RCLCombiner_nonzero_couples

The module formalizes selection between branches of the Recognition Composition Law family $F(xy) + F(x/y) = 2F(x) + 2F(y) + c F(x)F(y)$. The RCL combiner is the polynomial $P(u,v) = 2u + 2v + c uv$. The interaction defect of any combiner $P$ at a pair $(u,v)$ is $ΔP(u,v) := P(u,v) - P(u,0) - P(0,v) + P(0,0)$, which vanishes for all pairs precisely when $P$ is separately additive. Upstream lemma interactionDefect_RCLCombiner states that this defect equals $c u v$ for the RCL combiner. The module document notes that a coupling combiner is required by the strengthened (L4*) and that this is equivalent to $c ≠ 0$, thereby excluding the additive branch.

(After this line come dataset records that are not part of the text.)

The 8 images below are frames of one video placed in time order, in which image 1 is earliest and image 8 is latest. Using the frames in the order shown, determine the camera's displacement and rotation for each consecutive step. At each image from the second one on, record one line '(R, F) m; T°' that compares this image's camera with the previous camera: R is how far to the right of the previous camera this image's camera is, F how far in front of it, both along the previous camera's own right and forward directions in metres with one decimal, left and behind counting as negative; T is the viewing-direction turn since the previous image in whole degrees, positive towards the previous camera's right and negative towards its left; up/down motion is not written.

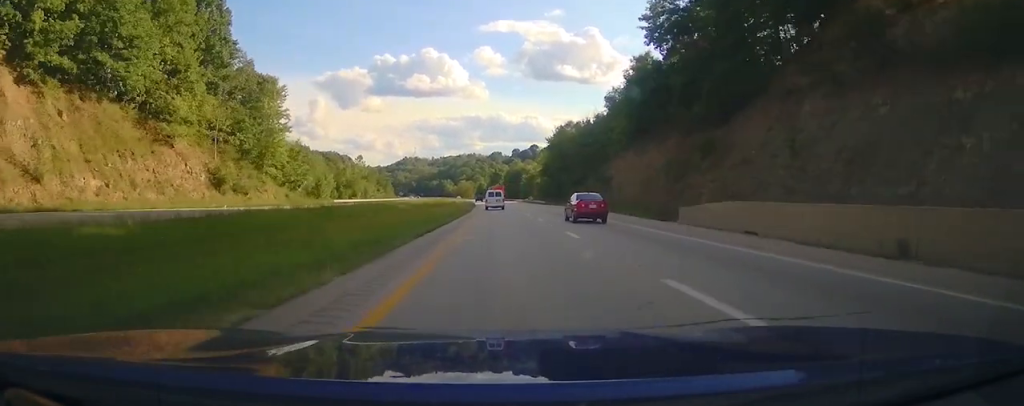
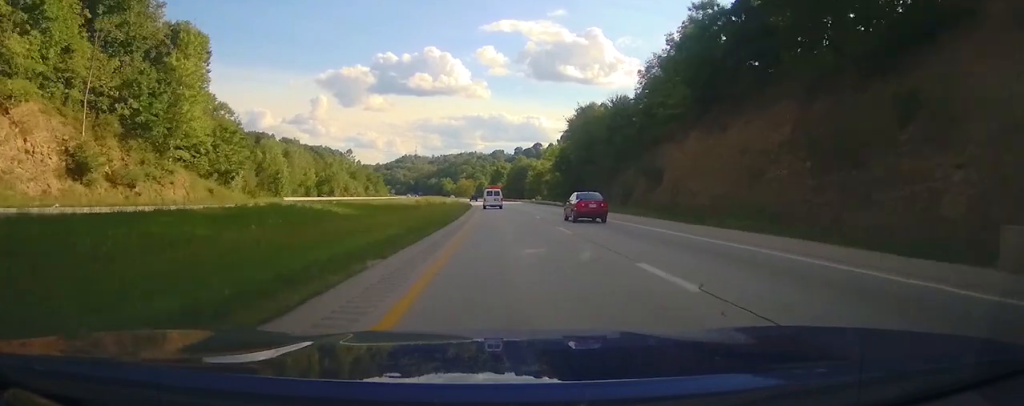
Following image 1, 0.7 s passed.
(0.0, +22.4) m; 0°
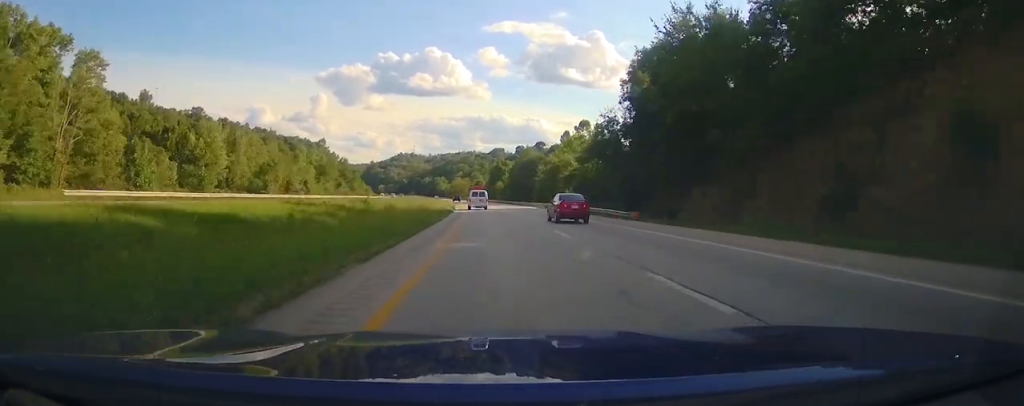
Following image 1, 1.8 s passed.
(+0.1, +38.1) m; 0°
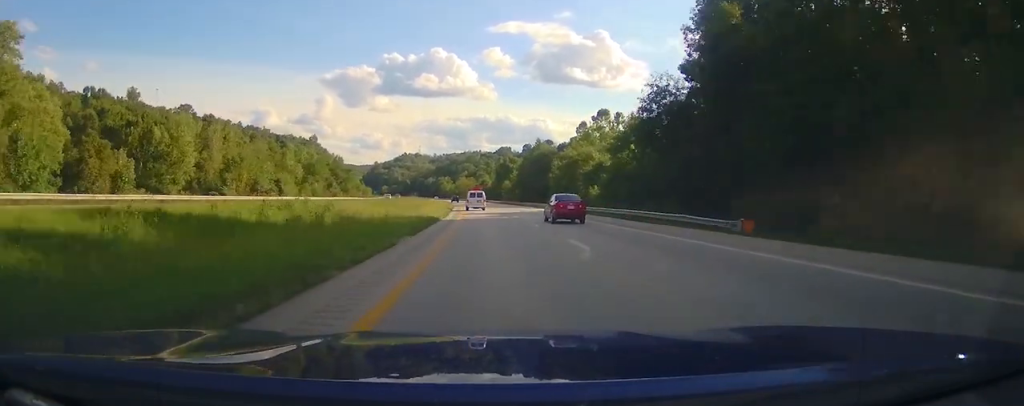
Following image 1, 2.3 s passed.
(0.0, +16.8) m; 0°
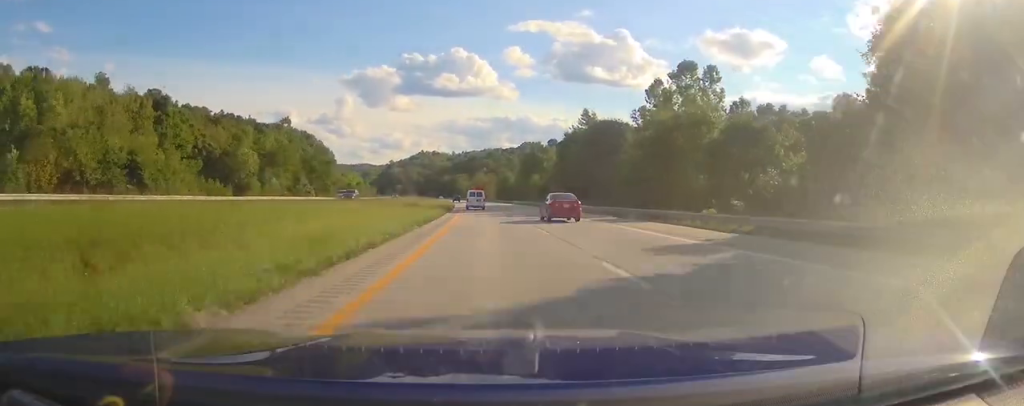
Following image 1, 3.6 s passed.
(0.0, +42.6) m; -2°
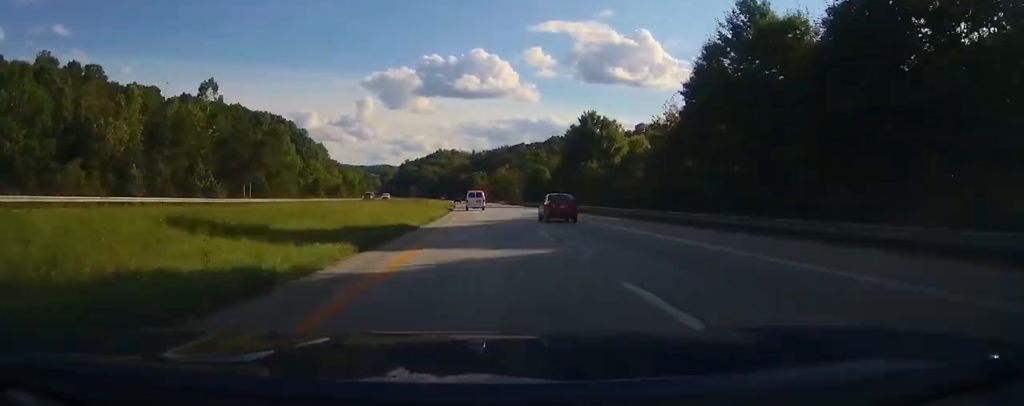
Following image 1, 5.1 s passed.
(-3.1, +51.6) m; -6°
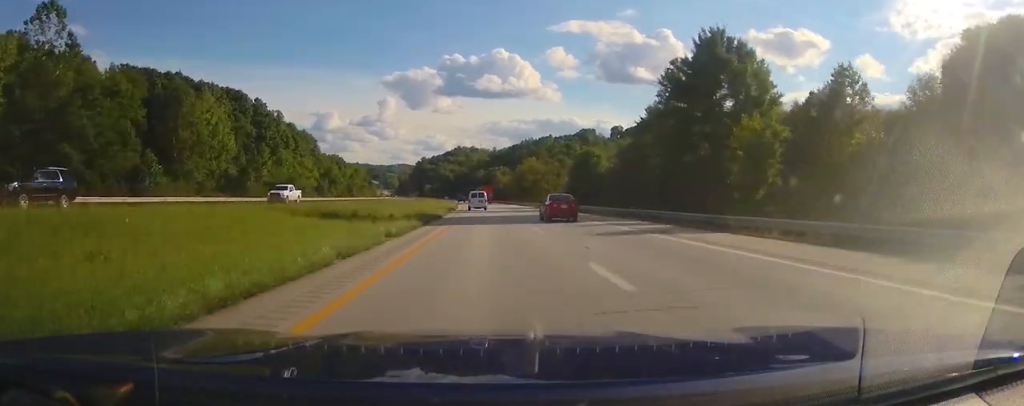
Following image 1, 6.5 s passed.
(-0.1, +46.3) m; 0°
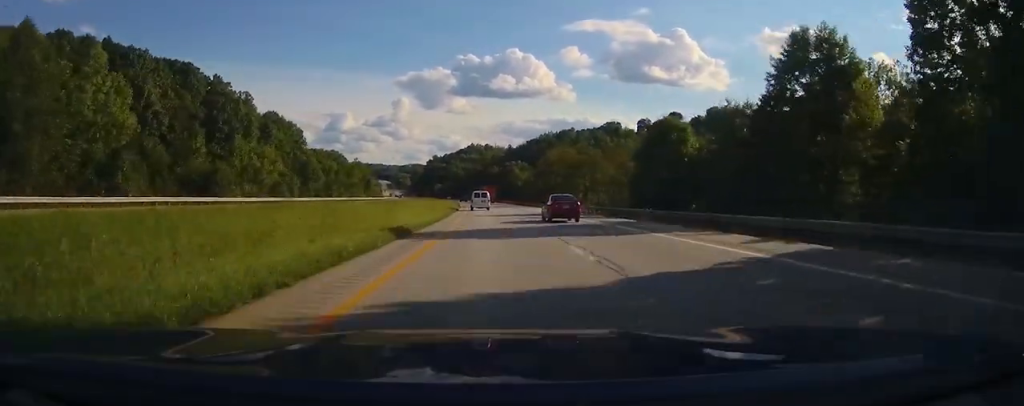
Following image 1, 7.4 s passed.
(0.0, +32.8) m; 0°

The proof is a one-line wrapper that applies interactionDefect_RCLCombiner to reduce the defect at (1,1) to the scalar $c$, then uses simpa to obtain the contradiction with the hypothesis $c ≠ 0$.

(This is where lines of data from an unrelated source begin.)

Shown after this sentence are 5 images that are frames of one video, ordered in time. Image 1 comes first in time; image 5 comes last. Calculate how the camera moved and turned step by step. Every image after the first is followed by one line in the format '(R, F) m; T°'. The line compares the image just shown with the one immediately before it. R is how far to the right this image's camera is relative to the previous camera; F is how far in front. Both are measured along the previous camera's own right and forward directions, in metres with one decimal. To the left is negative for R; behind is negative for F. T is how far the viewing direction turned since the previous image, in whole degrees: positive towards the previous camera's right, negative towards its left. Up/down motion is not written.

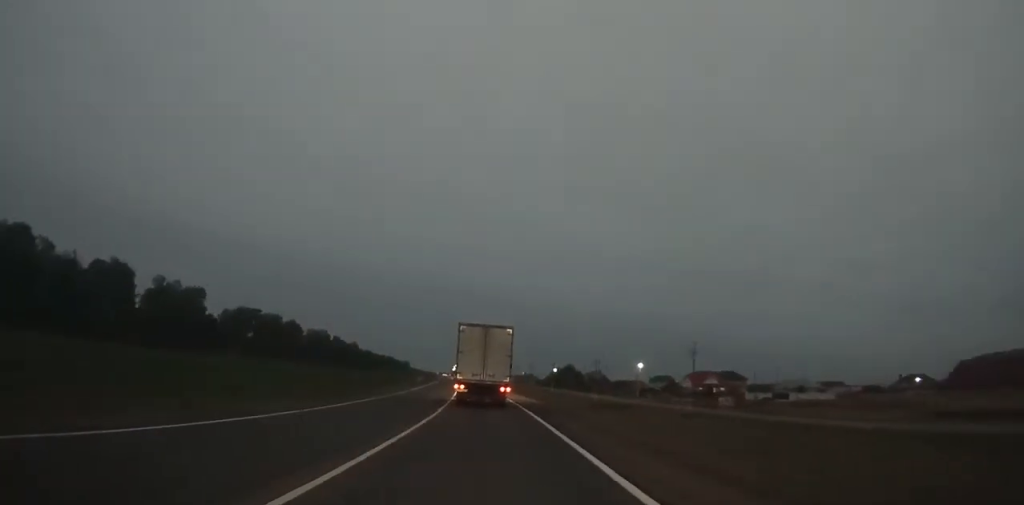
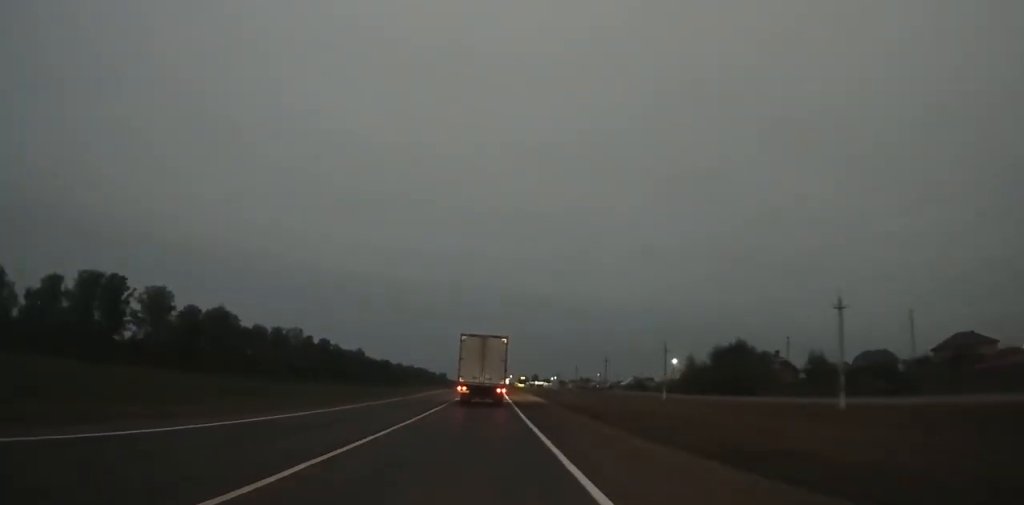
(-8.0, +119.2) m; -5°
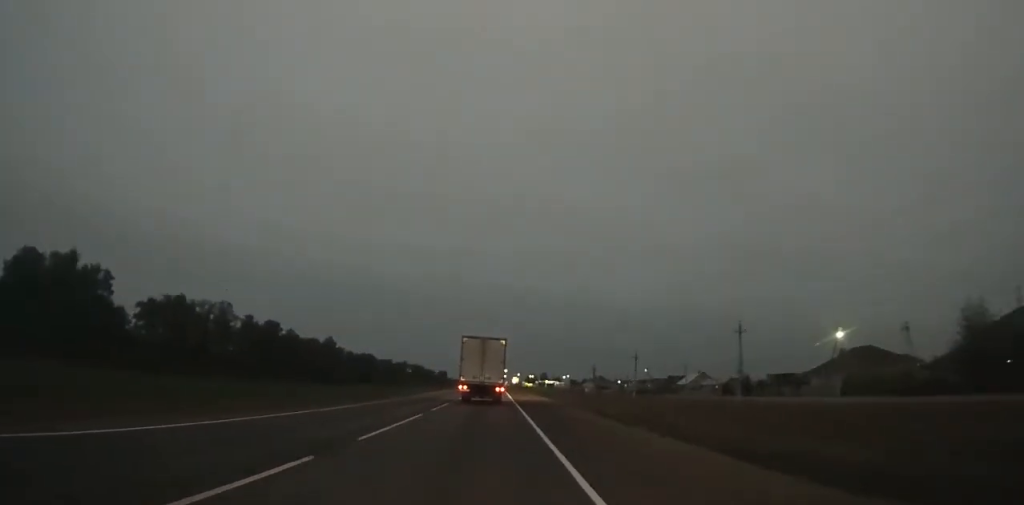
(-0.4, +69.6) m; 0°
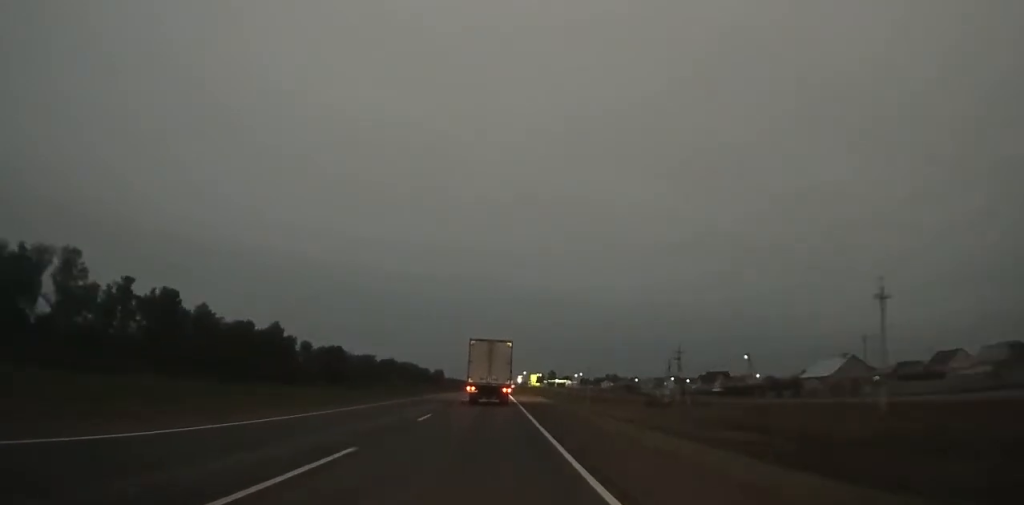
(-0.1, +70.5) m; 0°
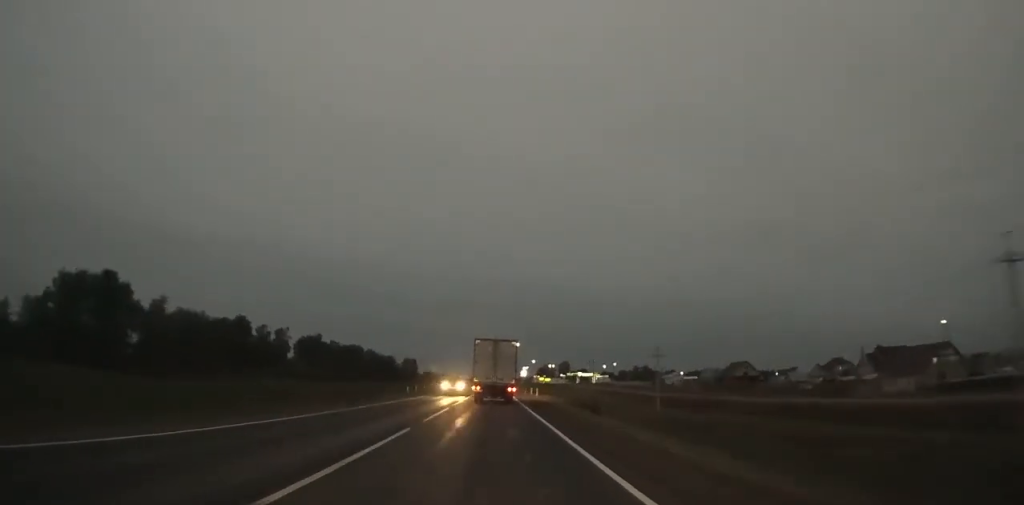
(+0.4, +162.4) m; 0°

This result is invoked by the downstream theorem RCLCombiner_isCoupling_iff to obtain the full equivalence 'RCL combiner is coupling iff $c ≠ 0$'. It supplies the concrete witness needed for the branch-selection argument in RS_Branch_Selection.tex, which strengthens composition consistency to force the bilinear branch whose representative is $J(x) = ½(x + x^{-1}) - 1$. In the Recognition Science chain this isolates J-uniqueness (T5) by ruling out the additive solution.